Before she left Picador to be an editor at Free Press, Amber Quereshi acquired a few books by Japanese author Yoko Ogawa. The first, The Diving Pool came out last year, The Housekeeper and the Professor is the second and released earlier this spring, and there’s one more in the works. (Can’t remember the title, but I know Stephen Snyder is also translating it.)
Ogawa is a pretty big figure in the contemporary Japanese publishing and has written a ton of books, which, with a little luck, will see the light of day in English after this three-book deal runs out. (Any interested publishers—I think Anna Stein is the agent for this . . .)
Anyway, Will Eells is one of my two Japanese-reading interns this semester and is working toward a Certificate in Literary Translation. This is his first review. And it opens:
Contemporary Japanese literature is all too easy to stereotype. As far as the American reading public goes, the only books that come out of Japan seem to be under one of three genres. The first is the “bizarre things happening in an otherwise normal setting” in the mold of Haruki Murakami. As one of the most successful authors to come out of a non-American or Western-European country in the last thirty years, Murakami is surely a success story that publishers want to recreate. The two other kinds of Japanese fiction published in America seem to be horror novels (Koji Suzuki’s The Ring, et al) and hard-boiled, nihilistic crime novels (think Natsuo Kirino and anything yakuza-related.) Of course, this has led to over-saturation on the bookshelves, and I’ve become completely fatigued by novelists that take an ordinary person with an ordinary life in Tokyo, and then throws in a ghost, or alien, a murder, or any event or characters with motivations completely unexplained to the reader for the protagonist to deal with for instant tension. Why does Japan seem to have a monopoly on novels with extraordinary premises? What happened to all the Japanese realists?

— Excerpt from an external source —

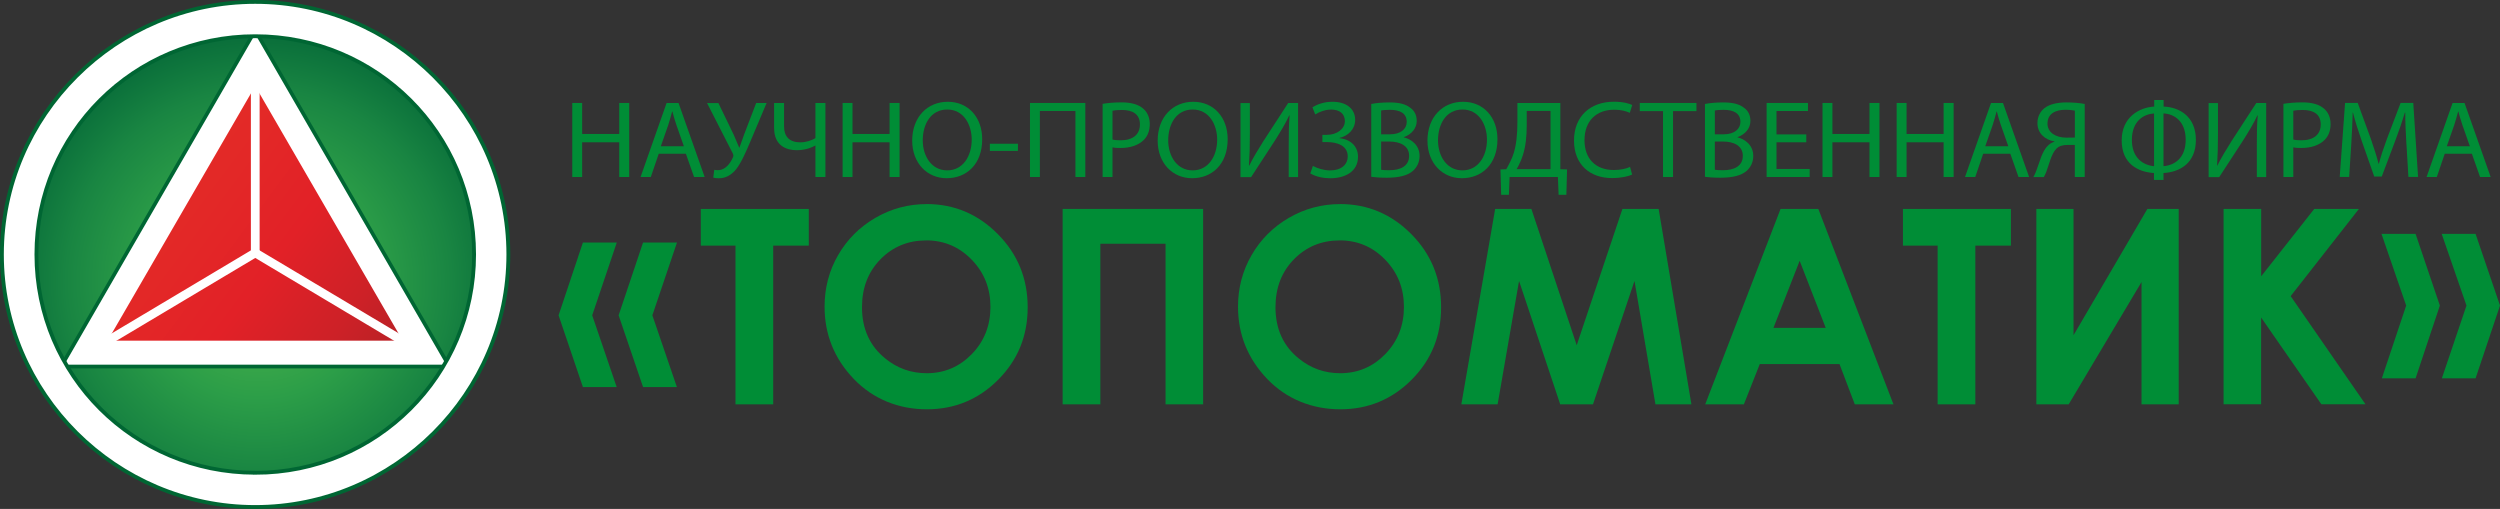 <?xml version="1.0" encoding="UTF-8"?> <svg xmlns="http://www.w3.org/2000/svg" xmlns:xlink="http://www.w3.org/1999/xlink" viewBox="0 0 500.38 101.87"><rect x="0" y="0" width="500.38" height="101.87" fill="#333333" stroke="none"/> <defs> <style>.j{stroke-width:.77px;}.j,.k{fill:#fff;stroke:#063;}.j,.k,.l,.m{stroke-miterlimit:10;}.n{fill:url(#g);}.k{stroke-width:.74px;}.o{fill:url(#d);}.l{fill:#1d1d1b;}.l,.m{stroke:#fff;stroke-linecap:round;stroke-width:1.75px;}.p{fill:#008d36;}.m{fill:none;}</style> <radialGradient id="d" cx="622.42" cy="817.11" fx="622.42" fy="817.11" r="24.26" gradientTransform="translate(-1249.08 -1651.44) scale(2.09)" gradientUnits="userSpaceOnUse"> <stop offset="0" stop-color="#4cae4c"></stop> <stop offset=".2" stop-color="#42ac4a"></stop> <stop offset=".46" stop-color="#2c9e48"></stop> <stop offset=".76" stop-color="#198542"></stop> <stop offset="1" stop-color="#076b39"></stop> </radialGradient> <linearGradient id="g" x1="614.02" y1="811.59" x2="635.73" y2="827.73" gradientTransform="translate(-1247.33 -1651.4) scale(2.08)" gradientUnits="userSpaceOnUse"> <stop offset="0" stop-color="#e42c26"></stop> <stop offset=".22" stop-color="#e32827"></stop> <stop offset=".52" stop-color="#e22127"></stop> <stop offset=".85" stop-color="#cd2127"></stop> <stop offset="1" stop-color="#be2126"></stop> </linearGradient> </defs> <g id="a"></g> <g id="b"> <g id="c"> <g> <path class="p" d="M116.67,48.54h6.78l-4.92,14.57,4.9,14.36h-6.76l-4.87-14.36,4.87-14.57Zm12.04,0h6.79l-4.93,14.57,4.91,14.36h-6.77l-4.89-14.36,4.89-14.57Z"></path> <path class="p" d="M140.27,41.82h21.61v7.34h-7.12v31.77h-7.55v-31.77h-6.94v-7.34Z"></path> <path class="p" d="M185.44,40.84c5.53,0,10.29,2,14.27,6.01,3.98,4.01,5.98,8.89,5.98,14.65s-1.97,10.54-5.89,14.49c-3.93,3.95-8.69,5.93-14.3,5.93s-10.75-2.03-14.63-6.09c-3.88-4.06-5.83-8.88-5.83-14.46,0-3.74,.9-7.18,2.71-10.31,1.81-3.14,4.3-5.62,7.46-7.46,3.16-1.83,6.57-2.75,10.23-2.75Zm-.08,7.28c-3.62,0-6.66,1.26-9.13,3.77-2.47,2.52-3.7,5.72-3.7,9.6,0,4.32,1.55,7.75,4.66,10.26,2.41,1.97,5.18,2.95,8.3,2.95,3.53,0,6.54-1.28,9.02-3.83,2.48-2.55,3.73-5.7,3.73-9.44s-1.25-6.87-3.75-9.45c-2.5-2.58-5.55-3.87-9.13-3.87Z"></path> <path class="p" d="M212.68,41.82h28.13v39.11h-7.52V48.79h-13.05v32.14h-7.55V41.82Z"></path> <path class="p" d="M268.2,40.84c5.53,0,10.29,2,14.27,6.01,3.98,4.01,5.97,8.89,5.97,14.65s-1.96,10.54-5.89,14.49c-3.93,3.95-8.7,5.93-14.3,5.93s-10.75-2.03-14.63-6.09c-3.88-4.06-5.83-8.88-5.83-14.46,0-3.74,.91-7.18,2.72-10.31,1.81-3.14,4.3-5.62,7.46-7.46,3.16-1.83,6.58-2.75,10.23-2.75Zm-.08,7.28c-3.62,0-6.66,1.26-9.13,3.77-2.47,2.52-3.7,5.72-3.7,9.6,0,4.32,1.55,7.75,4.66,10.26,2.41,1.97,5.18,2.95,8.3,2.95,3.53,0,6.54-1.28,9.02-3.83,2.48-2.55,3.73-5.7,3.73-9.44s-1.25-6.87-3.75-9.45c-2.5-2.58-5.54-3.87-9.13-3.87Z"></path> <path class="p" d="M299.26,41.82h7.25l9.07,27.28,9.15-27.28h7.25l6.56,39.11h-7.2l-4.19-24.7-8.31,24.7h-6.56l-8.24-24.7-4.29,24.7h-7.26l6.77-39.11Z"></path> <path class="p" d="M356.39,41.82h7.55l15.04,39.11h-7.74l-3.06-8.06h-15.96l-3.18,8.06h-7.74l15.08-39.11Zm3.82,10.37l-5.25,13.43h10.46l-5.22-13.43Z"></path> <path class="p" d="M380.88,41.82h21.61v7.34h-7.12v31.77h-7.55v-31.77h-6.94v-7.34Z"></path> <path class="p" d="M436.07,41.82v39.11h-7.44v-24.48l-14.58,24.48h-6.47V41.82h7.44v25.28l14.78-25.28h6.27Z"></path> <path class="p" d="M445.06,41.82h7.52v13.48l10.62-13.48h8.94l-13.66,17.45,14.98,21.65h-8.83l-12.06-17.37v17.37h-7.52V41.82Z"></path> <path class="p" d="M483.48,75.73h-6.75l4.87-14.57-4.94-14.35h6.82l4.86,14.35-4.86,14.57Zm12.02,0h-6.76l4.93-14.57-4.96-14.35h6.78l4.89,14.35-4.89,14.57Z"></path> </g> <g> <path class="p" d="M116.52,20.61v6.2h7.42v-6.2h2v14.82h-2v-6.95h-7.42v6.95h-1.98v-14.82h1.98Z"></path> <path class="p" d="M131.85,30.77l-1.59,4.66h-2.05l5.21-14.82h2.39l5.23,14.82h-2.12l-1.64-4.66h-5.44Zm5.03-1.49l-1.5-4.27c-.34-.97-.57-1.85-.8-2.7h-.05c-.23,.88-.48,1.78-.77,2.68l-1.5,4.29h4.62Z"></path> <path class="p" d="M143.78,20.61l3.05,6.31c.39,.88,.75,1.74,1.12,2.62h.05c.27-.77,.57-1.63,.96-2.68l2.39-6.25h2.09l-3.21,7.61c-.84,1.98-1.8,4.24-2.87,5.63-1,1.21-2.12,1.83-3.48,1.83-.5,0-.86-.04-1.12-.13l.2-1.56c.16,.04,.39,.07,.73,.07,1.59-.02,2.53-1.49,3-2.55,.16-.33,.11-.55-.07-.9l-5.1-9.98h2.25Z"></path> <path class="p" d="M156.93,20.61v4.71c0,2.02,1.09,3.17,3.25,3.17,1.07,0,2.23-.35,3.03-.84v-7.04h2v14.82h-2v-6.29h-.05c-1.07,.59-2.34,.92-3.69,.92-2.02,0-4.53-.84-4.53-4.46v-4.99h1.98Z"></path> <path class="p" d="M170.63,20.61v6.2h7.42v-6.2h2v14.82h-2v-6.95h-7.42v6.95h-1.98v-14.82h1.98Z"></path> <path class="p" d="M196.59,27.86c0,5.1-3.21,7.81-7.12,7.81s-6.89-3.03-6.89-7.52c0-4.71,3.03-7.78,7.12-7.78s6.89,3.1,6.89,7.5Zm-11.9,.24c0,3.17,1.77,6,4.89,6s4.91-2.79,4.91-6.16c0-2.95-1.59-6.02-4.89-6.02s-4.91,2.92-4.91,6.18Z"></path> <path class="p" d="M203.74,28.77v1.43h-5.62v-1.43h5.62Z"></path> <path class="p" d="M217.23,20.61v14.82h-1.98v-13.22h-7.12v13.22h-1.98v-14.82h11.08Z"></path> <path class="p" d="M220.69,20.78c.96-.15,2.21-.29,3.8-.29,1.96,0,3.39,.44,4.3,1.23,.84,.7,1.34,1.78,1.34,3.1s-.41,2.4-1.18,3.17c-1.05,1.08-2.75,1.63-4.69,1.63-.59,0-1.14-.02-1.59-.13v5.94h-1.98v-14.64Zm1.98,7.15c.43,.11,.98,.15,1.64,.15,2.39,0,3.85-1.12,3.85-3.17s-1.43-2.9-3.62-2.9c-.86,0-1.52,.07-1.87,.15v5.76Z"></path> <path class="p" d="M245.72,27.86c0,5.1-3.21,7.81-7.12,7.81s-6.89-3.03-6.89-7.52c0-4.71,3.03-7.78,7.12-7.78s6.89,3.1,6.89,7.5Zm-11.9,.24c0,3.17,1.77,6,4.89,6s4.91-2.79,4.91-6.16c0-2.95-1.59-6.02-4.89-6.02s-4.91,2.92-4.91,6.18Z"></path> <path class="p" d="M250.16,20.61v6.25c0,2.35-.05,4.29-.18,6.27l.05,.02c.77-1.54,1.73-3.14,2.84-4.9l4.96-7.63h1.98v14.82h-1.87v-6.31c0-2.4,.02-4.16,.18-6.02l-.07-.02c-.75,1.63-1.8,3.34-2.84,4.99l-4.8,7.37h-2.12v-14.82h1.87Z"></path> <path class="p" d="M262.68,21.49c1.05-.66,2.39-1.12,4.05-1.12,2.66,0,4.51,1.34,4.51,3.63,0,1.83-1.37,3.21-3.16,3.61v.04c2.16,.22,3.73,1.58,3.73,3.72,0,3.08-2.75,4.31-5.55,4.31-1.39,0-2.84-.29-4-.97l.52-1.5c.82,.46,2.18,.9,3.44,.9,2.28,0,3.53-1.19,3.53-2.81,0-2.22-2.21-2.86-4.16-2.86h-.91v-1.45h.91c2.02,0,3.59-1.21,3.59-2.73s-1.09-2.33-2.75-2.33c-1.16,0-2.37,.46-3.19,.97l-.55-1.41Z"></path> <path class="p" d="M274.46,20.81c.86-.18,2.23-.31,3.62-.31,1.98,0,3.25,.33,4.21,1.08,.8,.57,1.27,1.45,1.27,2.62,0,1.43-.98,2.68-2.59,3.25v.04c1.46,.35,3.16,1.52,3.16,3.72,0,1.28-.52,2.24-1.3,2.97-1.07,.95-2.8,1.39-5.3,1.39-1.37,0-2.41-.09-3.07-.18v-14.58Zm1.98,6.07h1.8c2.09,0,3.32-1.06,3.32-2.48,0-1.74-1.36-2.42-3.37-2.42-.91,0-1.43,.07-1.75,.13v4.77Zm0,7.1c.39,.07,.96,.09,1.66,.09,2.05,0,3.94-.73,3.94-2.88,0-2.02-1.8-2.86-3.96-2.86h-1.64v5.65Z"></path> <path class="p" d="M299.72,27.86c0,5.1-3.21,7.81-7.12,7.81s-6.89-3.03-6.89-7.52c0-4.71,3.03-7.78,7.12-7.78s6.89,3.1,6.89,7.5Zm-11.9,.24c0,3.17,1.77,6,4.89,6s4.91-2.79,4.91-6.16c0-2.95-1.59-6.02-4.89-6.02s-4.91,2.92-4.91,6.18Z"></path> <path class="p" d="M312.31,20.61v13.26l1.34,.04-.14,5.08h-1.55l-.14-3.56h-9.67l-.14,3.56h-1.55l-.14-5.08,1.16-.04c.57-1.01,1.14-2.09,1.5-3.25,.52-1.72,.73-3.69,.73-6.25v-3.76h8.58Zm-6.73,4.38c0,2.37-.23,4.38-.77,6.05-.32,1.03-.8,2.02-1.25,2.81h6.78v-11.65h-4.76v2.79Z"></path> <path class="p" d="M326.67,34.94c-.73,.35-2.18,.7-4.05,.7-4.32,0-7.58-2.64-7.58-7.5s3.25-7.78,8.01-7.78c1.91,0,3.12,.4,3.64,.66l-.48,1.56c-.75-.35-1.82-.62-3.09-.62-3.6,0-5.98,2.22-5.98,6.11,0,3.63,2.16,5.96,5.89,5.96,1.21,0,2.43-.24,3.23-.62l.41,1.52Z"></path> <path class="p" d="M332.86,22.24h-4.66v-1.63h11.35v1.63h-4.69v13.19h-2v-13.19Z"></path> <path class="p" d="M341.25,20.81c.86-.18,2.23-.31,3.62-.31,1.98,0,3.25,.33,4.21,1.08,.8,.57,1.27,1.45,1.27,2.62,0,1.43-.98,2.68-2.59,3.25v.04c1.46,.35,3.16,1.52,3.16,3.72,0,1.28-.52,2.24-1.3,2.97-1.07,.95-2.8,1.39-5.3,1.39-1.37,0-2.41-.09-3.07-.18v-14.58Zm1.98,6.07h1.8c2.09,0,3.32-1.06,3.32-2.48,0-1.74-1.36-2.42-3.37-2.42-.91,0-1.43,.07-1.75,.13v4.77Zm0,7.1c.39,.07,.96,.09,1.66,.09,2.05,0,3.94-.73,3.94-2.88,0-2.02-1.8-2.86-3.96-2.86h-1.64v5.65Z"></path> <path class="p" d="M361.53,28.48h-5.96v5.34h6.64v1.61h-8.62v-14.82h8.28v1.61h-6.3v4.68h5.96v1.58Z"></path> <path class="p" d="M366.76,20.61v6.2h7.42v-6.2h2v14.82h-2v-6.95h-7.42v6.95h-1.98v-14.82h1.98Z"></path> <path class="p" d="M381.6,20.61v6.2h7.42v-6.2h2v14.82h-2v-6.95h-7.42v6.95h-1.98v-14.82h1.98Z"></path> <path class="p" d="M396.94,30.77l-1.59,4.66h-2.05l5.21-14.82h2.39l5.23,14.82h-2.12l-1.64-4.66h-5.44Zm5.03-1.49l-1.5-4.27c-.34-.97-.57-1.85-.8-2.7h-.05c-.23,.88-.48,1.78-.77,2.68l-1.5,4.29h4.62Z"></path> <path class="p" d="M406.99,35.43c.23-.4,.43-.86,.61-1.34,.66-1.69,1.07-3.76,2.32-4.97,.36-.35,.82-.62,1.27-.75v-.07c-1.89-.31-3.39-1.63-3.39-3.65,0-1.3,.55-2.33,1.41-3.01,.96-.75,2.46-1.14,4.39-1.14,1.3,0,2.66,.11,3.66,.31v14.62h-1.98v-6.42h-1.46c-.96,0-1.66,.2-2.21,.73-1.05,1.03-1.48,3.21-2.03,4.62-.16,.37-.27,.68-.5,1.08h-2.12Zm8.31-13.28c-.34-.07-.98-.18-1.87-.18-1.96,0-3.62,.73-3.62,2.77,0,1.78,1.64,2.81,3.8,2.81,.66,0,1.3,0,1.68-.02v-5.39Z"></path> <path class="p" d="M433.05,20.01v1.32c3.23,.13,6.46,2.02,6.46,6.68s-3.23,6.44-6.48,6.62v1.38h-1.91v-1.38c-3.21-.2-6.46-1.85-6.46-6.53s3.55-6.6,6.51-6.77v-1.32h1.89Zm-1.91,2.7c-2,.11-4.44,1.45-4.44,5.3,0,3.54,2.18,5.04,4.44,5.26v-10.55Zm1.89,10.55c2.21-.18,4.44-1.61,4.44-5.28s-2.23-5.17-4.44-5.28v10.55Z"></path> <path class="p" d="M443.93,20.61v6.25c0,2.35-.05,4.29-.18,6.27l.05,.02c.77-1.54,1.73-3.14,2.84-4.9l4.96-7.63h1.98v14.82h-1.87v-6.31c0-2.4,.02-4.16,.18-6.02l-.07-.02c-.75,1.63-1.8,3.34-2.84,4.99l-4.8,7.37h-2.12v-14.82h1.87Z"></path> <path class="p" d="M457.03,20.78c.96-.15,2.21-.29,3.8-.29,1.96,0,3.39,.44,4.3,1.23,.84,.7,1.34,1.78,1.34,3.1s-.41,2.4-1.18,3.17c-1.05,1.08-2.75,1.63-4.69,1.63-.59,0-1.14-.02-1.59-.13v5.94h-1.98v-14.64Zm1.98,7.15c.43,.11,.98,.15,1.64,.15,2.39,0,3.85-1.12,3.85-3.17s-1.43-2.9-3.62-2.9c-.86,0-1.52,.07-1.87,.15v5.76Z"></path> <path class="p" d="M481.65,28.92c-.11-2.07-.25-4.55-.23-6.4h-.07c-.52,1.74-1.16,3.58-1.93,5.63l-2.71,7.19h-1.5l-2.48-7.06c-.73-2.09-1.34-4-1.78-5.76h-.05c-.05,1.85-.16,4.33-.3,6.55l-.41,6.35h-1.89l1.07-14.82h2.53l2.62,7.17c.64,1.83,1.16,3.45,1.55,4.99h.07c.39-1.5,.93-3.12,1.62-4.99l2.73-7.17h2.53l.96,14.82h-1.93l-.39-6.51Z"></path> <path class="p" d="M489.32,30.77l-1.59,4.66h-2.05l5.21-14.82h2.39l5.23,14.82h-2.12l-1.64-4.66h-5.44Zm5.03-1.49l-1.5-4.27c-.34-.97-.57-1.85-.8-2.7h-.05c-.23,.88-.48,1.78-.77,2.68l-1.5,4.29h4.62Z"></path> </g> <g> <path id="e" class="o" d="M51.08,.38c27.99,0,50.67,22.63,50.67,50.55s-22.68,50.55-50.67,50.55S.41,78.85,.41,50.94,23.1,.38,51.08,.38Z"></path> <polygon id="f" class="k" points="12.23 73.36 51.08 6.09 89.94 73.36 12.23 73.36"></polygon> <polygon id="h" class="n" points="21.54 68.19 51.08 17.22 80.61 68.19 21.54 68.19"></polygon> <path id="i" class="j" d="M51.08,.38C23.21,.38,.38,23.14,.38,50.93s22.83,50.55,50.7,50.55,50.67-22.75,50.67-50.55S78.96,.38,51.08,.38Zm0,94.24c-24.25,0-43.79-19.5-43.79-43.7S26.83,7.25,51.08,7.25s43.81,19.5,43.81,43.68-19.56,43.7-43.81,43.7Z"></path> <line class="l" x1="20.78" y1="68.69" x2="51.09" y2="50.61"></line> <line class="m" x1="51.09" y1="16.38" x2="51.09" y2="50.61"></line> <line class="m" x1="81.4" y1="68.69" x2="51.09" y2="50.61"></line> </g> </g> </g> </svg>

Reading Yoko Ogawa’s The Housekeeper and the Professor was consequently a breath of fresh air, a beautiful and bittersweet tale by a talented female writer. Ogawa has become a huge critical and popular success in Japan in the last twenty years, winning numerous literary awards including the Akutagawa Prize, the Yomiuri Prize, and the Tanizaki Prize, while also having one of her novels (the one in question) adapted for the screen in 2006. She is also now one of the jurors for the Akutagawa Prize Committee.